Task statement: Everything from the line containing "#121=DIRECTION('',(0.,1.,0.));" through the line containing "#177=VECTOR('',#176,10.17);" should be repeated exactly, and nothing else from the data.

Exercise input:
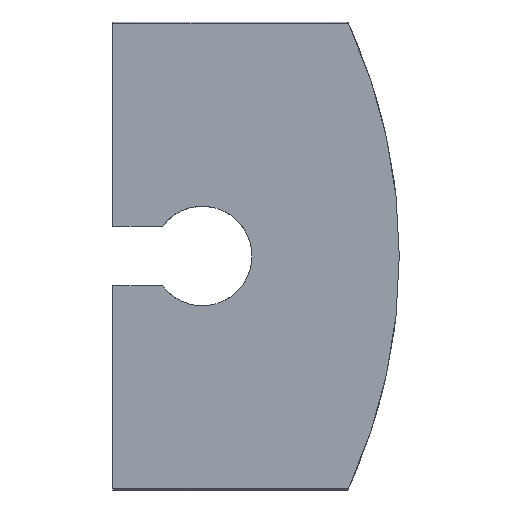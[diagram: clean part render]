
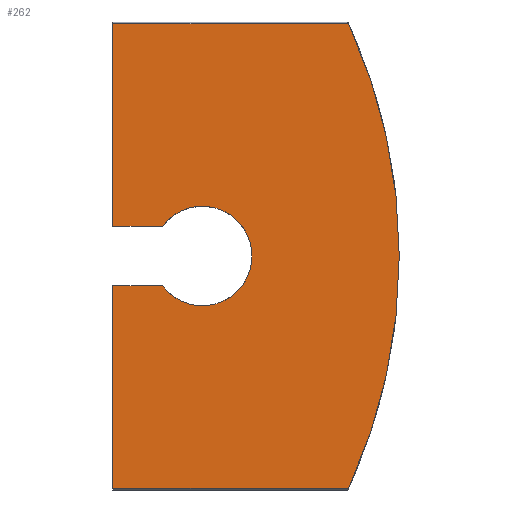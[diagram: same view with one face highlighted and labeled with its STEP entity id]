
A CAD part, top view. The second image highlights one B-rep face of the part: STEP entity #262.
In plain terms, the highlighted planar face has unit normal (0, 0, 1).
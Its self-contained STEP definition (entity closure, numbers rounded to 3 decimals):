
#116=CARTESIAN_POINT('',(15.21,1.5,37.199));
#117=VERTEX_POINT('',#116);
#118=CARTESIAN_POINT('',(15.21,11.67,37.199));
#119=VERTEX_POINT('',#118);
#120=CARTESIAN_POINT('',(15.21,1.5,37.199));
#121=DIRECTION('',(0.,1.,0.));
#122=VECTOR('',#121,10.17);
#123=LINE('',#120,#122);
#124=EDGE_CURVE('',#117,#119,#123,.T.);
#165=CARTESIAN_POINT('',(15.21,-11.67,37.199));
#166=VERTEX_POINT('',#165);
#173=CARTESIAN_POINT('',(15.21,-1.5,37.199));
#174=VERTEX_POINT('',#173);
#175=CARTESIAN_POINT('',(15.21,-11.67,37.199));
#176=DIRECTION('',(0.,1.,0.));
#177=VECTOR('',#176,10.17);
#178=LINE('',#175,#177);
#179=EDGE_CURVE('',#166,#174,#178,.T.);
#198=CARTESIAN_POINT('',(1.605,0.,37.199));
#199=DIRECTION('',(0.,0.,-1.));
#200=DIRECTION('',(-0.,-1.,0.));
#201=AXIS2_PLACEMENT_3D('',#198,#199,#200);
#202=PLANE('',#201);
#203=CARTESIAN_POINT('',(27.057,-11.67,37.199));
#204=VERTEX_POINT('',#203);
#205=CARTESIAN_POINT('',(29.605,0.,37.199));
#206=VERTEX_POINT('',#205);
#207=CARTESIAN_POINT('',(1.605,0.,37.199));
#208=DIRECTION('',(0.,0.,1.));
#209=DIRECTION('',(-1.,0.,0.));
#210=AXIS2_PLACEMENT_3D('',#207,#208,#209);
#211=CIRCLE('',#210,28.);
#212=EDGE_CURVE('',#204,#206,#211,.T.);
#213=ORIENTED_EDGE('',*,*,#212,.T.);
#214=CARTESIAN_POINT('',(27.057,11.67,37.199));
#215=VERTEX_POINT('',#214);
#216=CARTESIAN_POINT('',(1.605,0.,37.199));
#217=DIRECTION('',(0.,0.,1.));
#218=DIRECTION('',(-1.,0.,0.));
#219=AXIS2_PLACEMENT_3D('',#216,#217,#218);
#220=CIRCLE('',#219,28.);
#221=EDGE_CURVE('',#206,#215,#220,.T.);
#222=ORIENTED_EDGE('',*,*,#221,.T.);
#223=CARTESIAN_POINT('',(27.057,11.67,37.199));
#224=DIRECTION('',(-1.,0.,0.));
#225=VECTOR('',#224,11.847);
#226=LINE('',#223,#225);
#227=EDGE_CURVE('',#215,#119,#226,.T.);
#228=ORIENTED_EDGE('',*,*,#227,.T.);
#229=ORIENTED_EDGE('',*,*,#124,.F.);
#230=CARTESIAN_POINT('',(17.71,1.5,37.199));
#231=VERTEX_POINT('',#230);
#232=CARTESIAN_POINT('',(15.21,1.5,37.199));
#233=DIRECTION('',(1.,0.,-0.));
#234=VECTOR('',#233,2.5);
#235=LINE('',#232,#234);
#236=EDGE_CURVE('',#117,#231,#235,.T.);
#237=ORIENTED_EDGE('',*,*,#236,.T.);
#238=CARTESIAN_POINT('',(17.71,-1.5,37.199));
#239=VERTEX_POINT('',#238);
#240=CARTESIAN_POINT('',(19.71,-0.,37.199));
#241=DIRECTION('',(0.,0.,-1.));
#242=DIRECTION('',(-1.,0.,0.));
#243=AXIS2_PLACEMENT_3D('',#240,#241,#242);
#244=CIRCLE('',#243,2.5);
#245=EDGE_CURVE('',#231,#239,#244,.T.);
#246=ORIENTED_EDGE('',*,*,#245,.T.);
#247=CARTESIAN_POINT('',(15.21,-1.5,37.199));
#248=DIRECTION('',(1.,0.,-0.));
#249=VECTOR('',#248,2.5);
#250=LINE('',#247,#249);
#251=EDGE_CURVE('',#174,#239,#250,.T.);
#252=ORIENTED_EDGE('',*,*,#251,.F.);
#253=ORIENTED_EDGE('',*,*,#179,.F.);
#254=CARTESIAN_POINT('',(15.21,-11.67,37.199));
#255=DIRECTION('',(1.,-0.,0.));
#256=VECTOR('',#255,11.847);
#257=LINE('',#254,#256);
#258=EDGE_CURVE('',#166,#204,#257,.T.);
#259=ORIENTED_EDGE('',*,*,#258,.T.);
#260=EDGE_LOOP('',(#213,#222,#228,#229,#237,#246,#252,#253,#259));
#261=FACE_BOUND('',#260,.T.);
#262=ADVANCED_FACE('',(#261),#202,.F.);

Result for this task:
#121=DIRECTION('',(0.,1.,0.));
#122=VECTOR('',#121,10.17);
#123=LINE('',#120,#122);
#124=EDGE_CURVE('',#117,#119,#123,.T.);
#165=CARTESIAN_POINT('',(15.21,-11.67,37.199));
#166=VERTEX_POINT('',#165);
#173=CARTESIAN_POINT('',(15.21,-1.5,37.199));
#174=VERTEX_POINT('',#173);
#175=CARTESIAN_POINT('',(15.21,-11.67,37.199));
#176=DIRECTION('',(0.,1.,0.));
#177=VECTOR('',#176,10.17);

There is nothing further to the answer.